WORK REQUEST
Without the images, set down each entry exactly.

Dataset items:
※
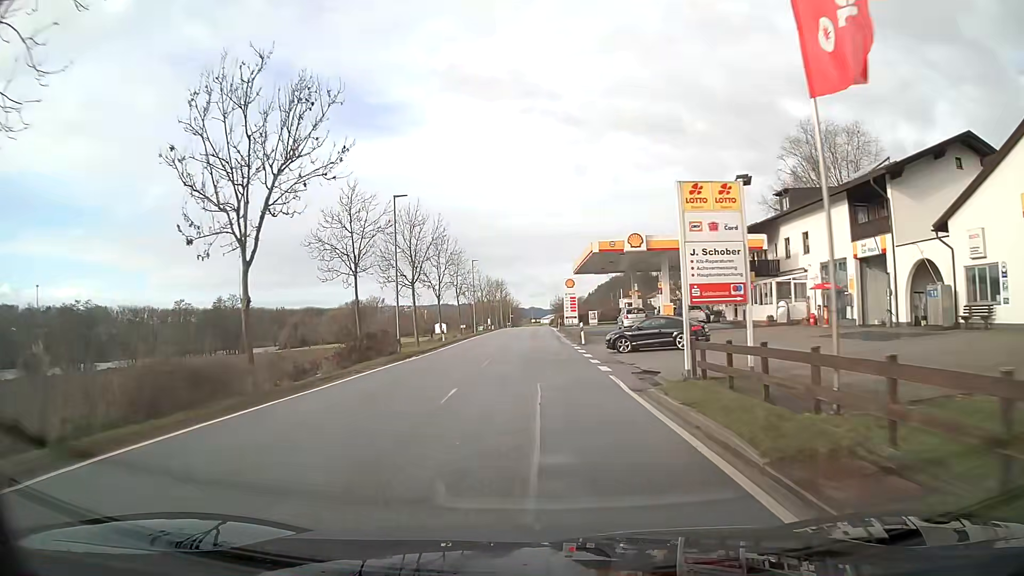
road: secondary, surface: asphalt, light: Day
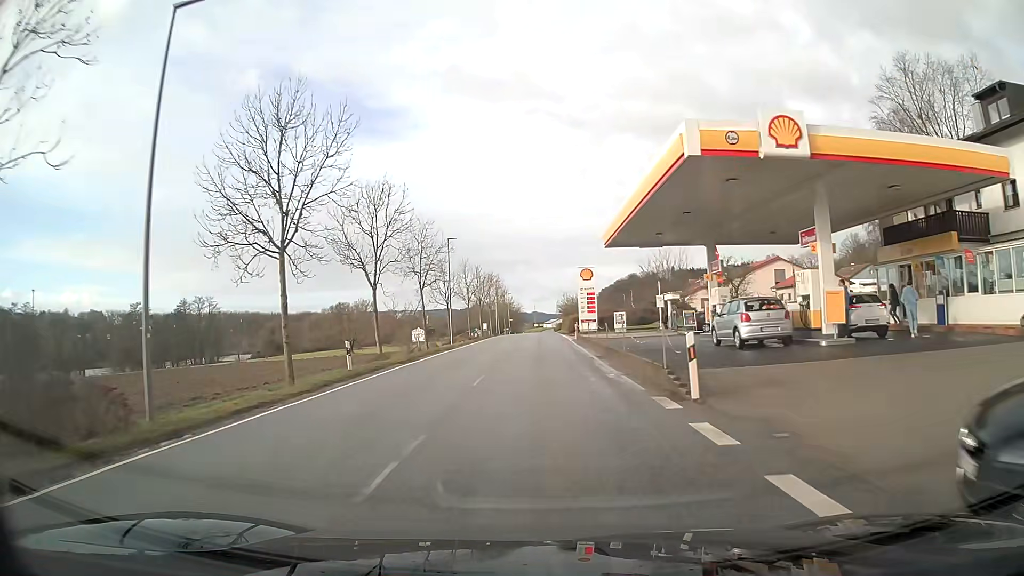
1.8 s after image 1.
(-0.1, +23.3) m; 0°
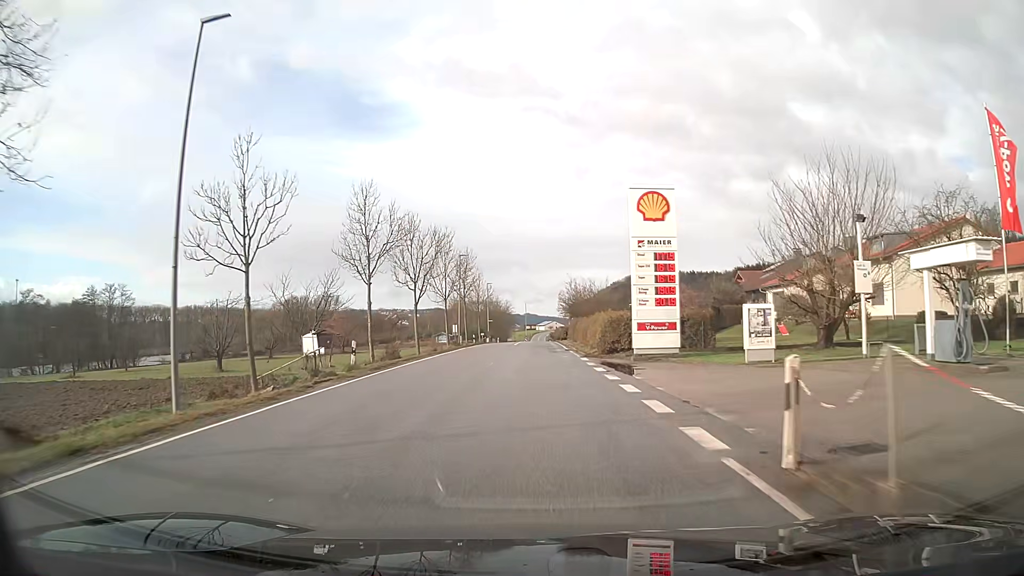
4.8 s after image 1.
(+0.2, +38.6) m; 0°
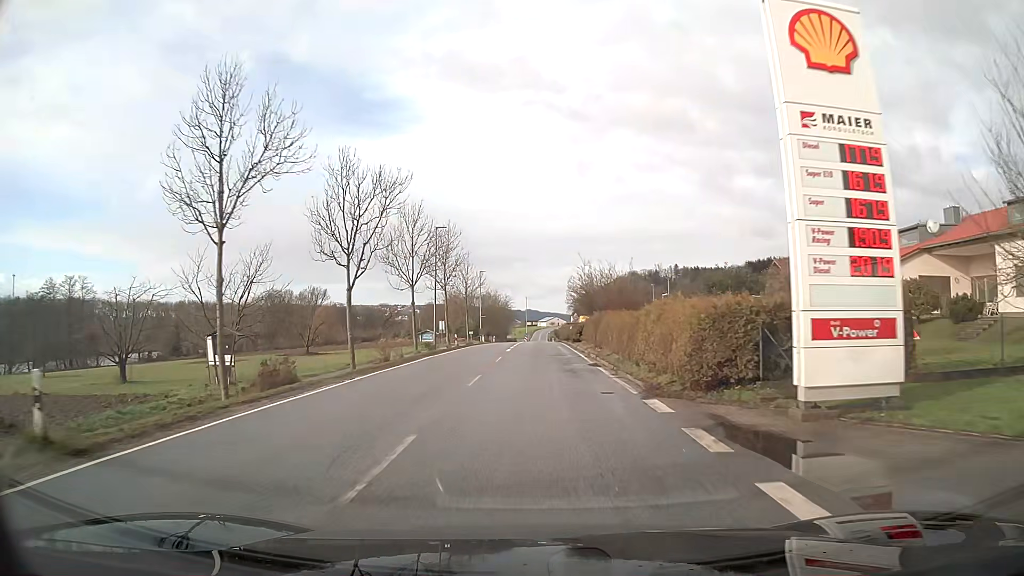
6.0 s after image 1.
(0.0, +15.3) m; 0°
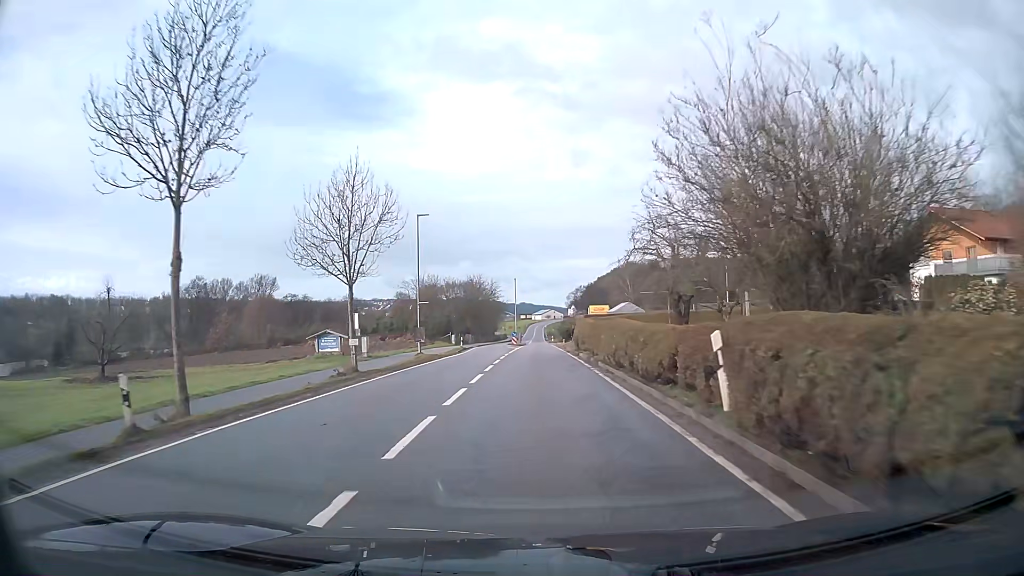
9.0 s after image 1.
(+0.2, +38.9) m; 0°
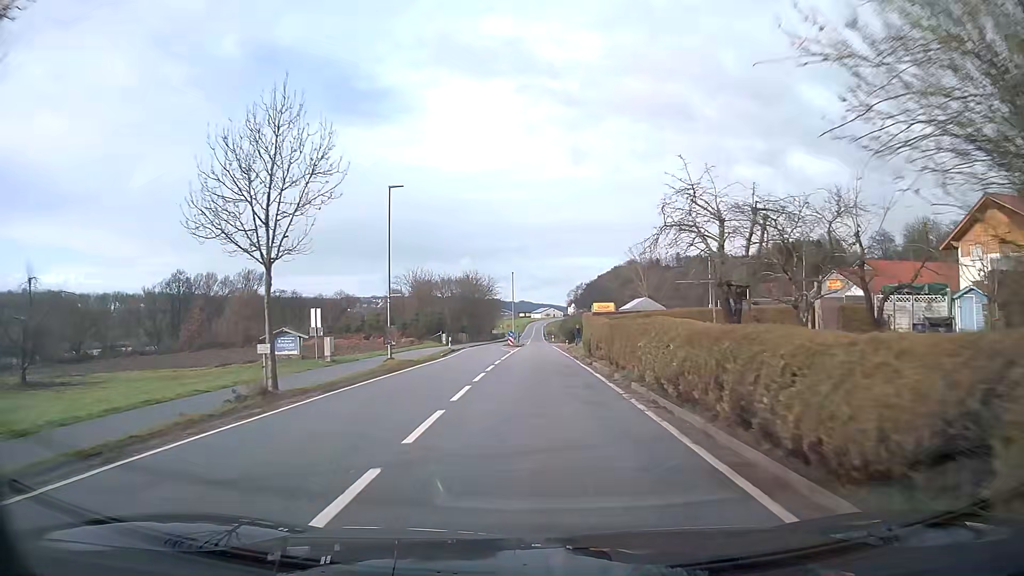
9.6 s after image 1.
(0.0, +8.0) m; 0°
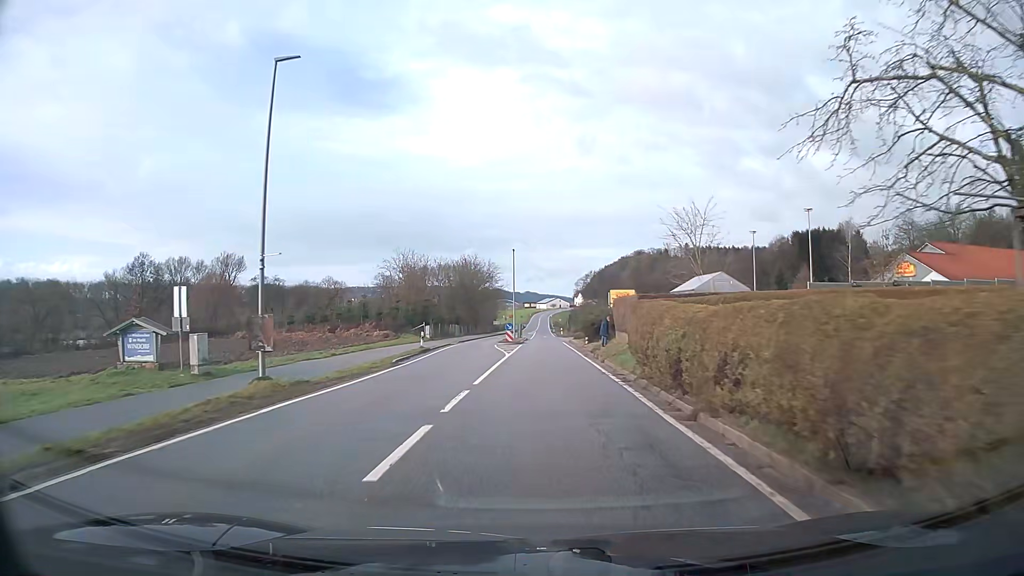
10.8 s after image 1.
(-0.1, +15.6) m; -1°
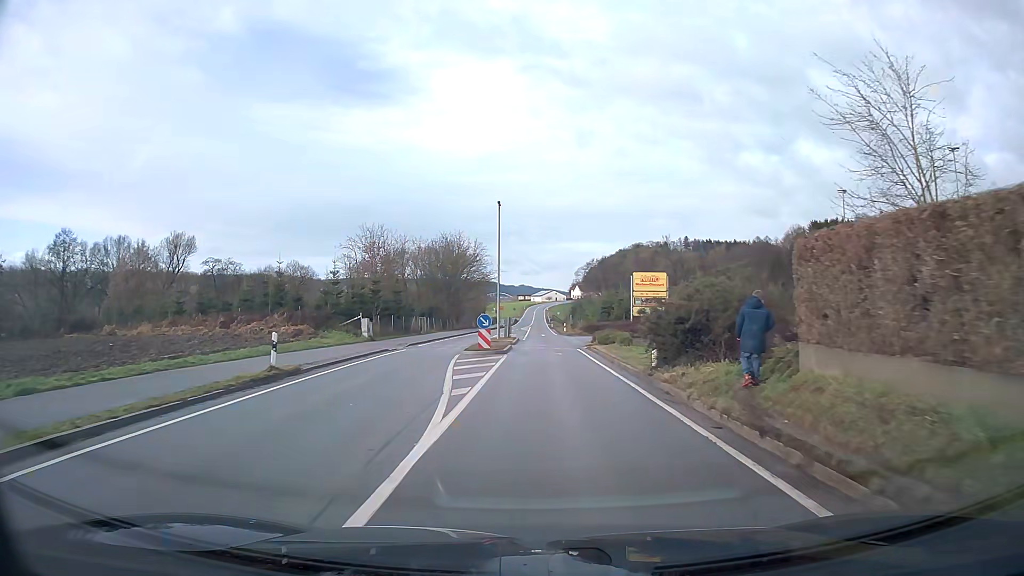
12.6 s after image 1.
(+0.1, +22.2) m; +1°
(0, +10) (0, +20) (0, +30) (+1, +40) (0, +50) (0, +60) (0, +70) (0, +80) (0, +90) (0, +100) m
※
TASK ANSWER
road: secondary, surface: asphalt, light: Day
1.8 s after image 1.
(-0.1, +23.3) m; 0°
4.8 s after image 1.
(+0.2, +38.6) m; 0°
6.0 s after image 1.
(0.0, +15.3) m; 0°
9.0 s after image 1.
(+0.2, +38.9) m; 0°
9.6 s after image 1.
(0.0, +8.0) m; 0°
10.8 s after image 1.
(-0.1, +15.6) m; -1°
12.6 s after image 1.
(+0.1, +22.2) m; +1°
(0, +10) (0, +20) (0, +30) (+1, +40) (0, +50) (0, +60) (0, +70) (0, +80) (0, +90) (0, +100) m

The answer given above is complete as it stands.